Breakthroughs in Research and Treatment of Brain Disease Offer Hope

David W. Dodick, M.D., FAAN

American Brain Foundation Board Chair

Brain disease such as Alzheimer’s and Parkinson’s disease, epilepsy, stroke, migraine, and many others affect 1 in every 6 Americans and are the leading causes of disability worldwide. Mental health disorders and chronic pain, both of which are associated with functional and structural changes in the brain, affect about 100 million more Americans.

As a result, there are very few among us who are not directly or indirectly touched by brain disease. Fortunately, we have witnessed major advances in the treatment of many brain diseases and we are on the cusp of major discoveries that could lead to cures.

Below, we list a few examples that illustrate the exciting progress that has recently been made in our understanding and treatment of brain disease.

Research and treatment

The first gene therapy was approved to treat children under the age of two years with spinal muscular atrophy (SMA), a leading genetic cause of infant mortality.

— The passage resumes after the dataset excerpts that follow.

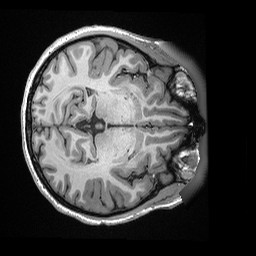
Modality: T1w
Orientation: axial
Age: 35
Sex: female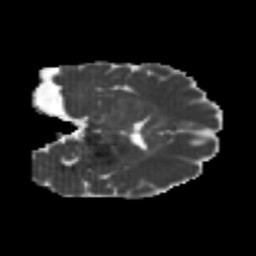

Physical activity, a healthy diet, and blood pressure control, while well-known to prevent stroke, have recently been demonstrated to be effective in preventing cognitive impairment and dementia. A favorable lifestyle is even effective in preventing dementia in those who are genetically at high risk. It’s therefore important for all of us to promote healthy lifestyles for friends, family, patients, ourselves, and our community.

Major advances in stroke care were realized just within the past year. A single “polypill” (containing aspirin, a statin, and two anti-hypertensive drugs), which should improve medication compliance, was shown to significantly reduce the risk of stroke. In addition, the window of time from onset of symptoms to safe and effective intervention with clot-busting treatments has been extended.

Important advances have led to the identification of factors that predict disease course in patients with multiple sclerosis, and a number of therapies that disrupt the course of the disease have become available.

An understanding of migraine at the molecular level has led to the development and approval of an unprecedented explosion of new therapies – seven drugs and four devices – within the past several years.

The road ahead

But there is still so much work to do: while unprecedented advances in knowledge and treatment for many brain diseases have been made, we still do not have treatments that cure or even slow the progression of many brain diseases, including Alzheimer’s disease, Parkinson’s disease, amyotrophic lateral sclerosis (ALS), and malignant brain tumors.

However, we now have an understanding that the underlying mechanism of one brain disease is shared by several other brain diseases.

Therefore, the American Brain Foundation and its partner, the American Academy of Neurology (the world’s largest association of neurologists), fund research across the entire spectrum of brain diseases. They are well-positioned to realize the potential of curing many diseases through the cure of one.